Most hydrophilic amino acid according to hydrophobicity value is GLU (-1.140) and the most hydrophobic is ILE (1.810).
Polarity is calculated as an average of amino acid polarities assigned according to the method of Zimmerman et al. (Zimmerman, J.M., Eliezer, N. and Simha, R. (1968) The Characterization of Amino Acid Sequences in Proteins by Statistical Methods. J. Theor. Biol., 21, 170–201).
Polarity ranges from completely nonpolar amino acids (ALA, GLY = 0.00) through polar residues (e.g. SER = 1.67) towards charged residues (GLU = 49.90, ARG = 52.00).
Lipophilicity (logP-scale) is calculated as octanol/water partition coefficients of Cβ fragments of side-chains and mainchain (-0.86) via www.chemicalize.org.
LogP values ranges from lipophobic fragments (ASN -1.03; SER -0.52; GLN -0.33; THR -0.16) through acids (ASP -0.22; GLU 0.48) and bases (ARG -0.08; HIS -0.01; LYS 0.7), to sulphur-containing (CYS 0.84; MET 1.48), aliphatic (ALA 1.08; VAL 1.8; PRO 1.8; LEU 2.08; ILE 2.24) to most lipophilic aromatic residues (TYR 2.18; PHE 2.49; TRP 2.59). GLY has no sidechain fragment and therefore its value is set to 0.
Lipophilicity (logD-scale) is calculated as octanol/water distribution coefficients of Cβ fragments of side-chains and mainchain (-0.86) at pH 7.4 via www.chemicalize.org. Distribution coefficient take into account ionization of compounds.

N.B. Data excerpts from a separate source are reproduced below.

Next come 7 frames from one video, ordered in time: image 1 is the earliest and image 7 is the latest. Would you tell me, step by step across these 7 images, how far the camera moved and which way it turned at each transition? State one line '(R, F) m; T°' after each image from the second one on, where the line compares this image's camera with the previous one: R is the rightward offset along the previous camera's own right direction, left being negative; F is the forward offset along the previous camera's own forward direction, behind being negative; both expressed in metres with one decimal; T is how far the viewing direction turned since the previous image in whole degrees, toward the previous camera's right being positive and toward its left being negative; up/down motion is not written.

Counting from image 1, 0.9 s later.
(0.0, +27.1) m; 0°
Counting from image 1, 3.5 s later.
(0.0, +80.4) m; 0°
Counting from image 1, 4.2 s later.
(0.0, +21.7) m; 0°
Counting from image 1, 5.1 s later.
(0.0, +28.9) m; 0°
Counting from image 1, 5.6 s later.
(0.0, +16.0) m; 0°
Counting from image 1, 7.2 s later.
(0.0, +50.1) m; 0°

LogD values ranges from highly lipophobic charged fragments (ASP -3.00; ARG -2.49; GLU -2.12; LYS -1.91) through polar ones (ASN -1.03; SER -0.52; GLN -0.33; THR -0.16, HIS -0.11) to sulphur-containing (CYS 0.84; MET 1.48), aliphatic (ALA 1.08; VAL 1.8; PRO 1.8; LEU 2.08; ILE 2.24) to most lipophilic aromatic residues (TYR 2.18; PHE 2.49; TRP 2.59). GLY has no sidechain fragment and therefore its value is set to 0.

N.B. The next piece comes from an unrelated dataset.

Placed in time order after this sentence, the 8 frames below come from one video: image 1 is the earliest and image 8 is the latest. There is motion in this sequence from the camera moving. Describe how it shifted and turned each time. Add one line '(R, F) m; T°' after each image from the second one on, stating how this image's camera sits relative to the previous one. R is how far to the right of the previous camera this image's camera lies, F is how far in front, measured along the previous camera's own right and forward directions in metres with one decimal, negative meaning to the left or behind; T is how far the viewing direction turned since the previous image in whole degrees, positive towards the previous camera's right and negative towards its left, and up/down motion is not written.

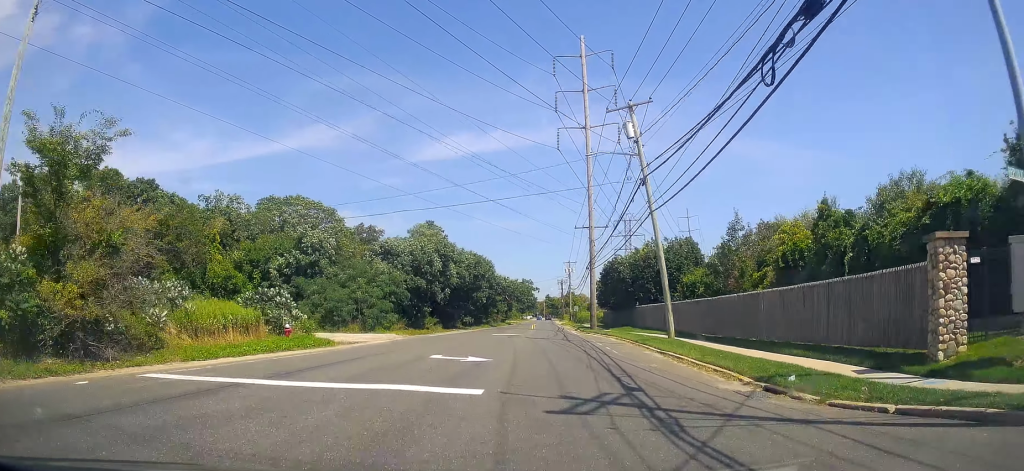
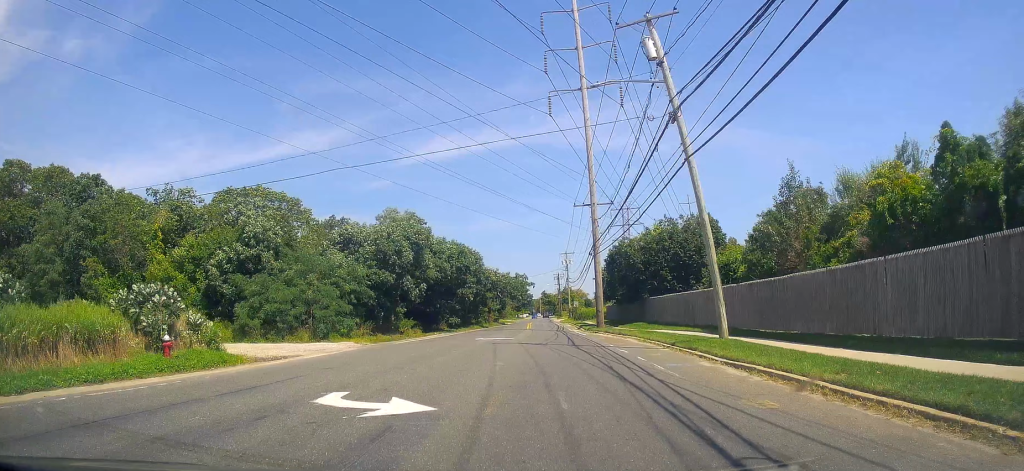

Solubility (logS-scale) is calculated as water solubility of Cβ fragments of side-chains and mainchain (0.81) at pH 7.4 via www.chemicalize.org. Our estimated logS value is a unit stripped logarithm (base 10) of the solubility measured in mol/liter and it is a measure how well can be individual residues interacting with water molecules.

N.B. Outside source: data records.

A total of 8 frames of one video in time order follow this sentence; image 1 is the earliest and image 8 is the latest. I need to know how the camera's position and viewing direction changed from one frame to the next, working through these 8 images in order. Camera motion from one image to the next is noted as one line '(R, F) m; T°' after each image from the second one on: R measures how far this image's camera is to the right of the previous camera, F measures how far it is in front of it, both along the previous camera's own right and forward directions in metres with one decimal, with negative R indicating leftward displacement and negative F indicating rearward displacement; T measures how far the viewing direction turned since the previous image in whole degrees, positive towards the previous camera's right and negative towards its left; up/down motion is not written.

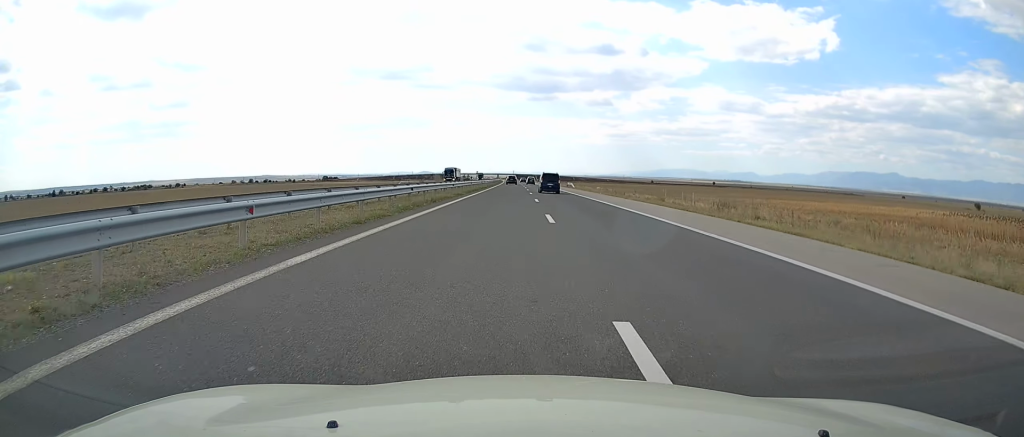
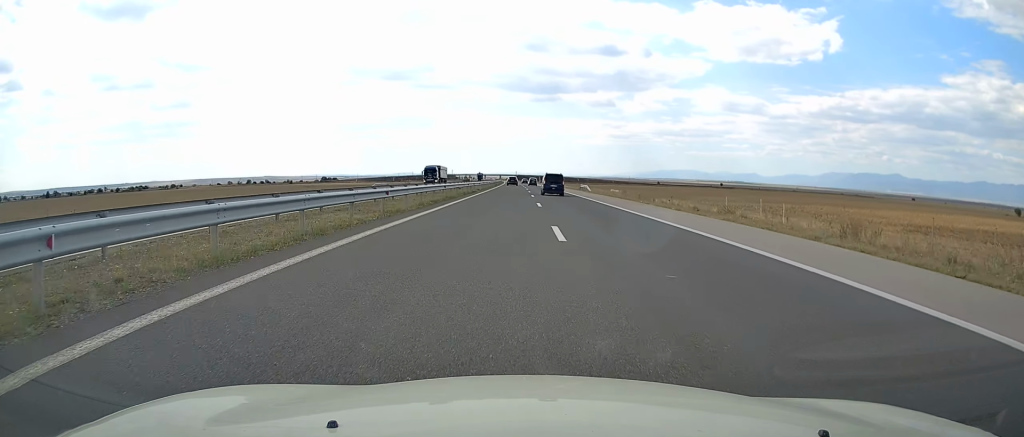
(-0.2, +20.9) m; 0°
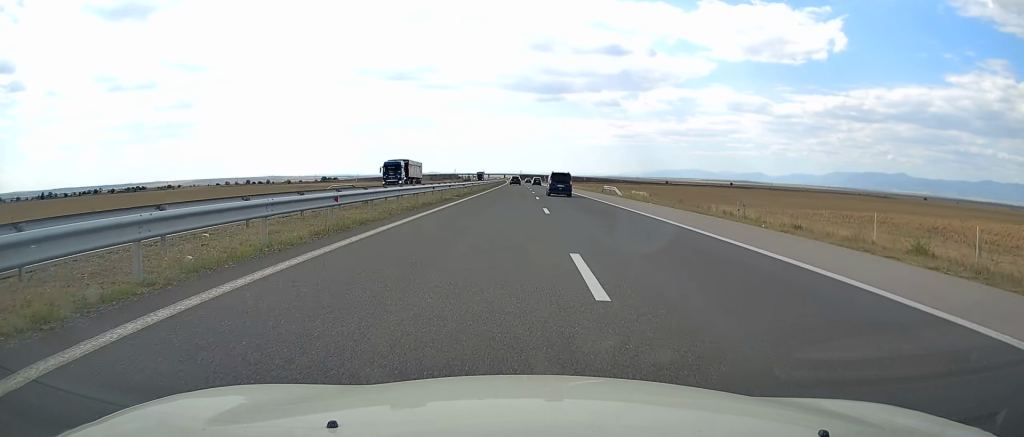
(0.0, +22.2) m; 0°
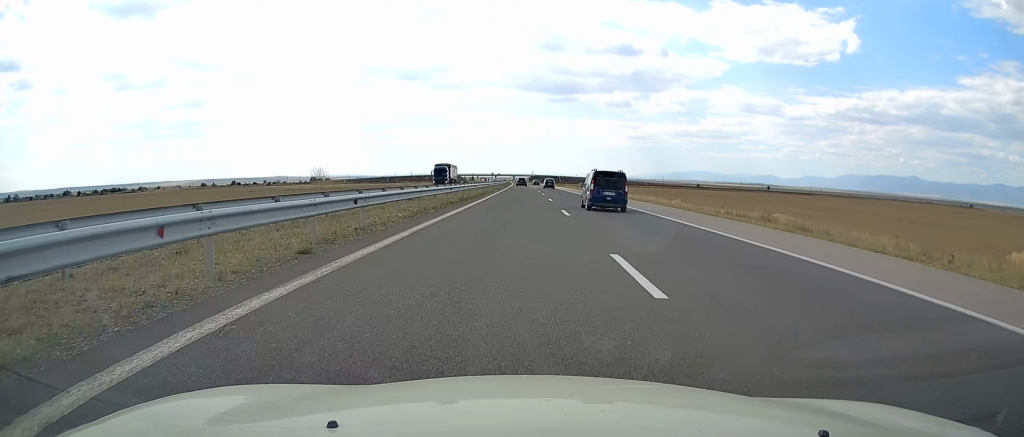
(-1.2, +95.4) m; -2°
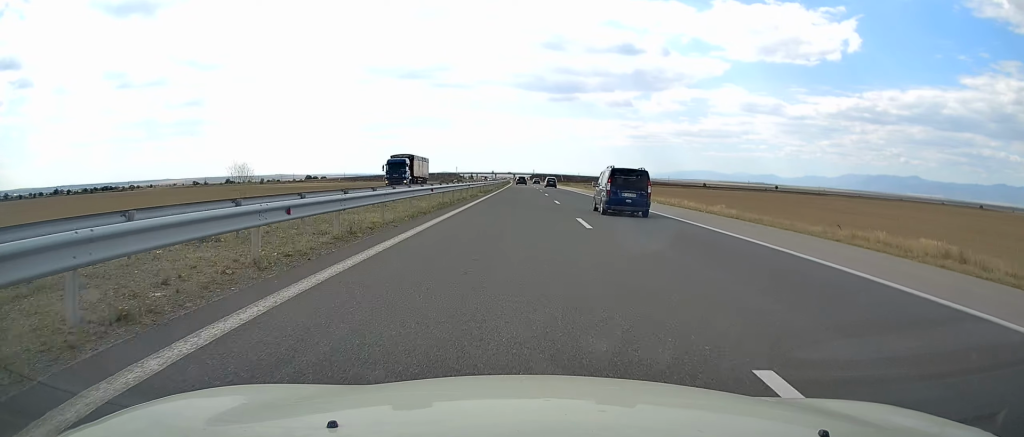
(0.0, +22.4) m; 0°
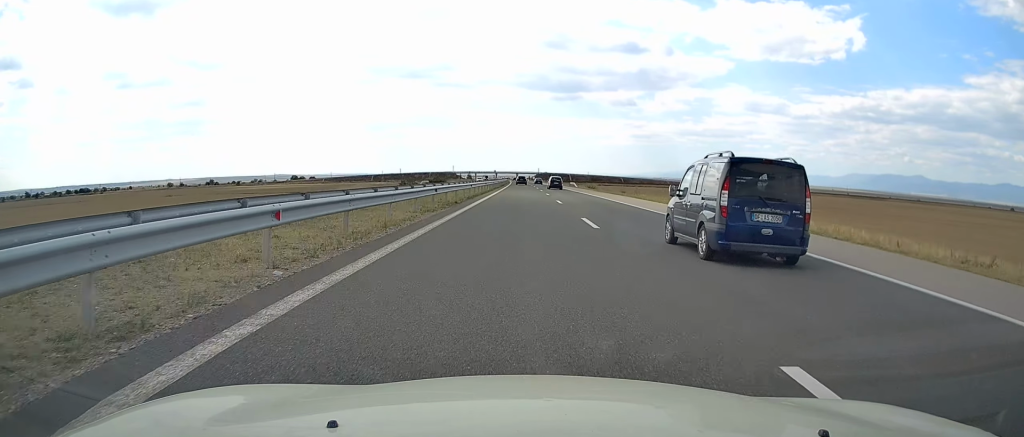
(-0.3, +63.9) m; 0°
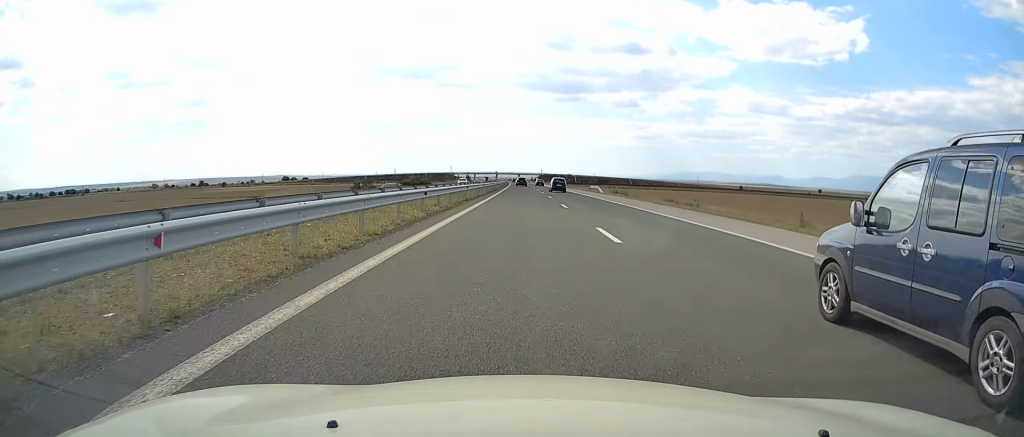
(+0.1, +35.4) m; 0°
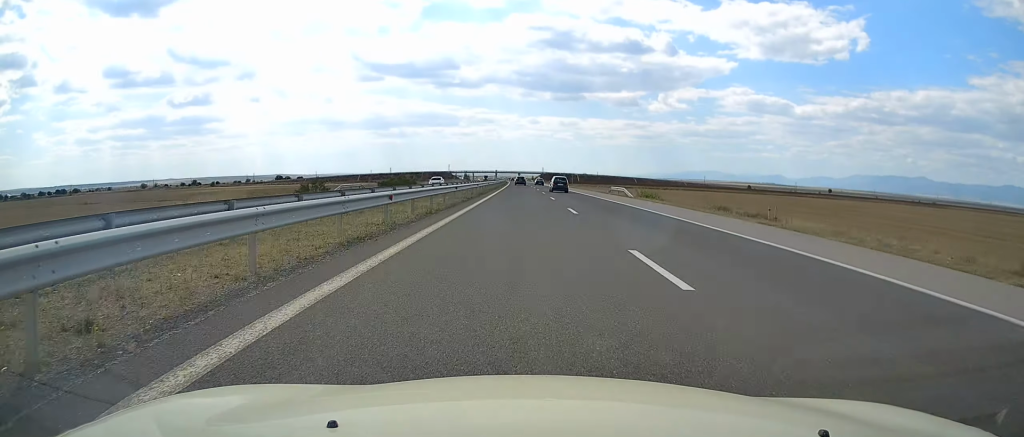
(+0.2, +21.6) m; 0°

LogS values ranges from lowest solubility of aromatic residues (TRP -2.48: PHE -1.81; TYR -1.44;) followed by aliphatic (LEU -1.79; ILE -1.85; PRO -1.3; VAL -1.3; ALA 0.59) and sulphur-containing residues (MET -0.72; CYS 0.16) up to polar ones (HIS -0.2; GLN 0.13; ASN 0.54; THR 0.77; SER 1.11) whereas the most water molecules will attract charged residues (LYS 1.46; ARG 1.63; GLU 2.23; ASP 2.63). GLY has no sidechain fragment and therefore its value is set to 0.
Mutability is calculated as an average of relative mutability index (Jones,D.T., Taylor,W.R. and Thornton,J.M. (1992) The Rapid Generation of Mutation Data Matrices from Protein Sequences. Bioinformatics, 8, 275–282). Relative mutability is based on empirical substitution matrices between similar protein sequences.
It is high wherever amino acid can be easily substituted for another e.g. in case of small polar amino acids (SER = 117, THR = 107, ASN = 104) or in case of small aliphatic amino acids (ALA = 100, VAL = 98, ILE = 103). On the other hand it is low when amino acid plays important structural role such as in case of aromatic amino acids (TRP = 25, PHE = 51, TYR = 50) or in case of special amino acids (CYS = 44, PRO = 58, GLY = 50). Specific example of amino acid with low relative mutability is the most abundant amino acid /LEU = 54) which has the highest probability to mutate back to itself.
Ionizable residues can be also viewed in the channel profile or directly as selection on the visualized structure.
You can contribute to the ChannelsDB database (http://ncbr.muni.cz/ChannelsDB/) by Annotation button in the upper left corner of the visualization window. Annotation can be easily written to the boxes in the Annotation window and channels selected from those calculated within the window (Figure 5).